From here I learn that, if Pauli vector is defined as $\boldsymbol\sigma=\sigma_\alpha\hat x_\alpha$, and $\boldsymbol a$ denotes a vector, whose components are all numbers, not matrices, then
$$\det(\boldsymbol{a}\cdot\boldsymbol{\sigma})=-\boldsymbol a\cdot\boldsymbol a$$
That website proves this by concretizing the form of Pauli matrices.
However, I want to find a way of proving independent of the explicit form of Pauli matrices in a representation, such as starting from the relation
$$
\sigma _{\alpha}\sigma _{\beta}=\mathrm{\delta}_{\alpha \beta}I_2+\mathrm{i}\epsilon _{\alpha \beta \gamma}\sigma _{\gamma}
$$
Could anyone help me? I have no idea how to deal with it or search it.

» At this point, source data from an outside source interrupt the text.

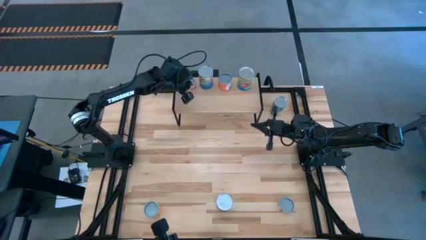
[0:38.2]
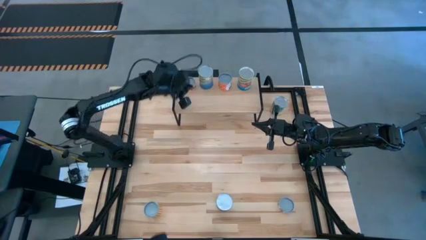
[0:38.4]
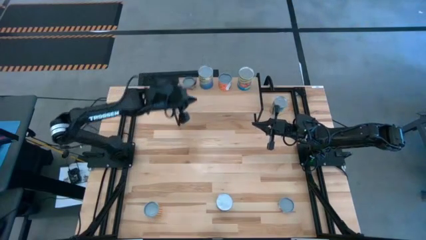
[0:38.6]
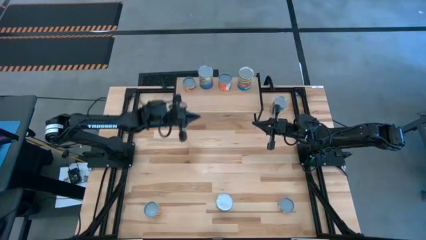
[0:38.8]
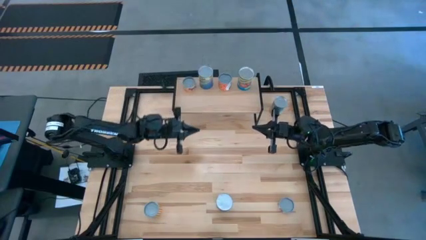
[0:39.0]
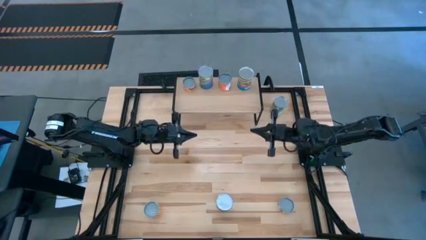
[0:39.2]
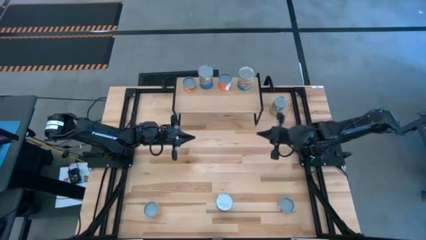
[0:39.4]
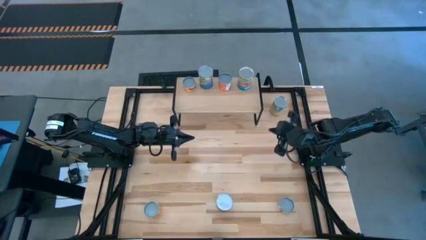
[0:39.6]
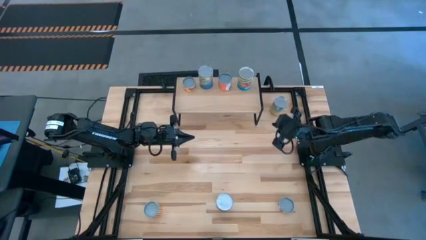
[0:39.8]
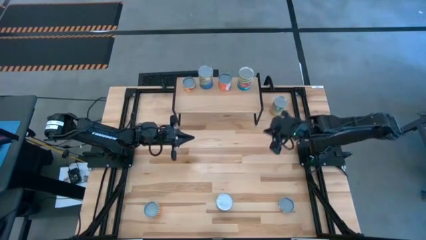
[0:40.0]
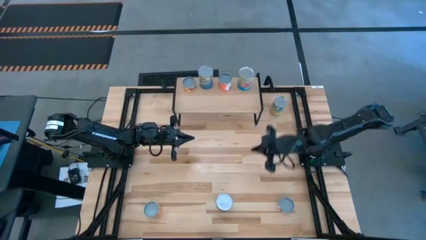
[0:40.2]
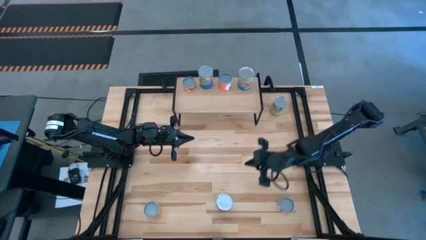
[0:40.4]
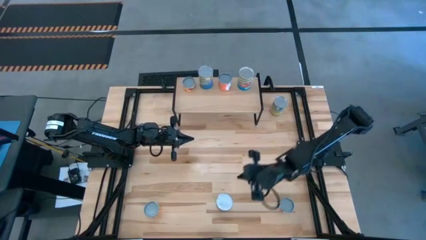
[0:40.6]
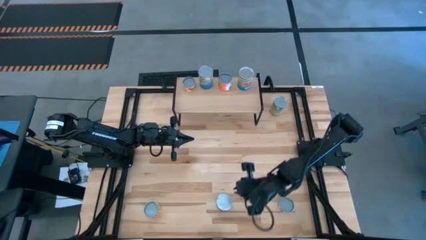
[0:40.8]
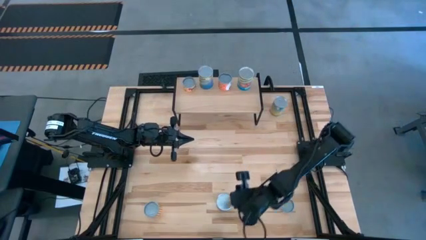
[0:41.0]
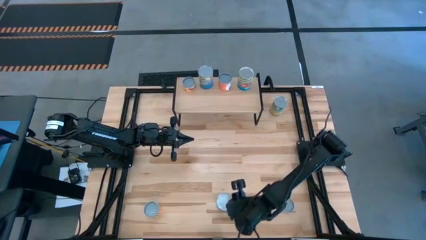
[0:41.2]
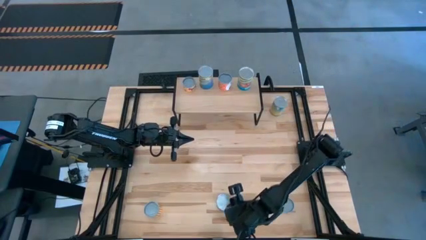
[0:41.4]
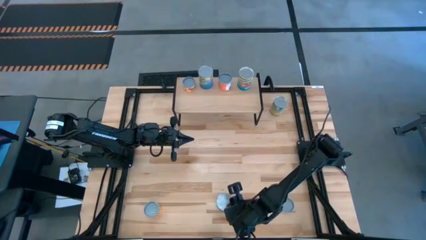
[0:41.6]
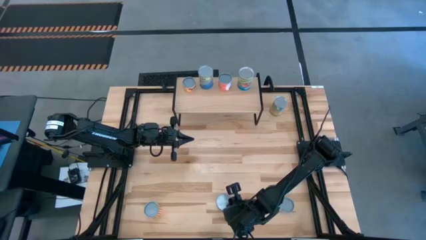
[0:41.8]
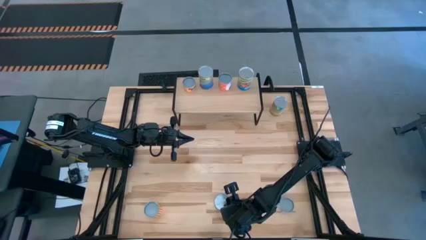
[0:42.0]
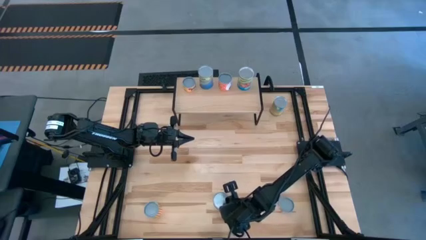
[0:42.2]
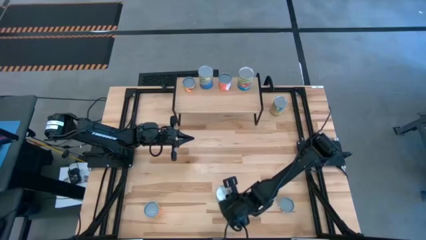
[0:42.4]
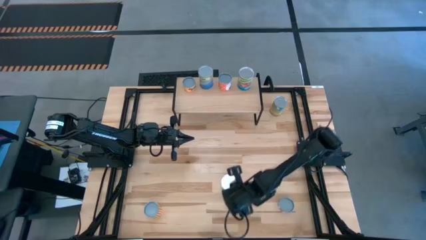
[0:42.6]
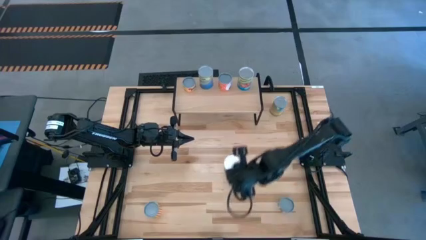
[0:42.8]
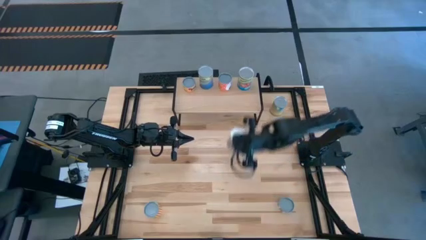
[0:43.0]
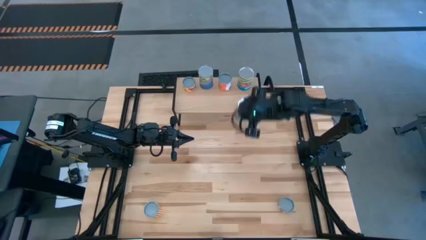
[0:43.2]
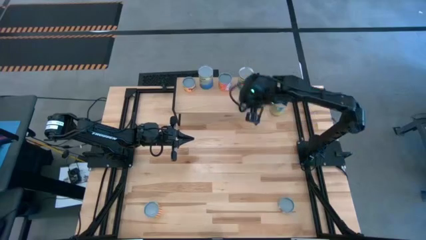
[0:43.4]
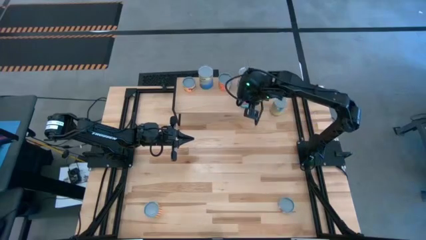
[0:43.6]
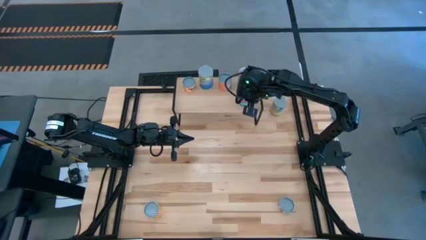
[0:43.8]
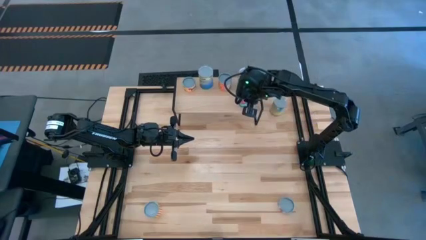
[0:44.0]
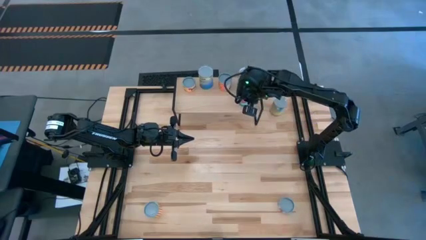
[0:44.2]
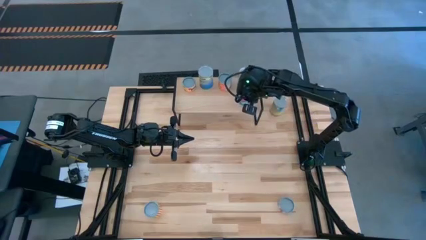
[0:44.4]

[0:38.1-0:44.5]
Task: Pick and place cans onto a shelf
Put the canned tomatoes on the shelf aligned with the canned tomatoes

What's more, if the component of $\boldsymbol a$ is also a matrix, in which way the conclusion should be fixed?
Best Answer
A cute proof that involves your suggested relation goes as follows. First, note that by definition, $\mathbf a \cdot \boldsymbol \sigma$ is a $2\times 2$ traceless Hermitian matrix. As such, its eigenvalues are $\pm c$ for some $c\in \mathbb R$ (because its trace is just the sum of its eigenvalues) and its determinant is $-c^2$ (because its determinant is the product of its eigenvalues). Therefore, we have that $$\mathrm{det}\big((\mathbf a \cdot \boldsymbol \sigma)^2\big)= \mathrm{det}(\mathbf a \cdot \boldsymbol \sigma)^2 = c^4$$
However, note that $$(\mathbf a \cdot \boldsymbol \sigma)^2= a_i a_j \sigma_i \sigma_j = a_i a_j (\delta_{ij} I_2 + i\epsilon_{ijk} \sigma_k)= a^2 I_2$$ where we've used that, because $a_ia_j$ and $\epsilon_{ijk}$ are respectively symmetric and antisymmetric under the exchange $i\leftrightarrow j$, their contraction vanishes. However, $\mathrm{det}(a^2 I_2) = a^4$, and so comparison with the above yields that $\mathrm{det}(\mathbf a \cdot \boldsymbol \sigma)= - a^2$.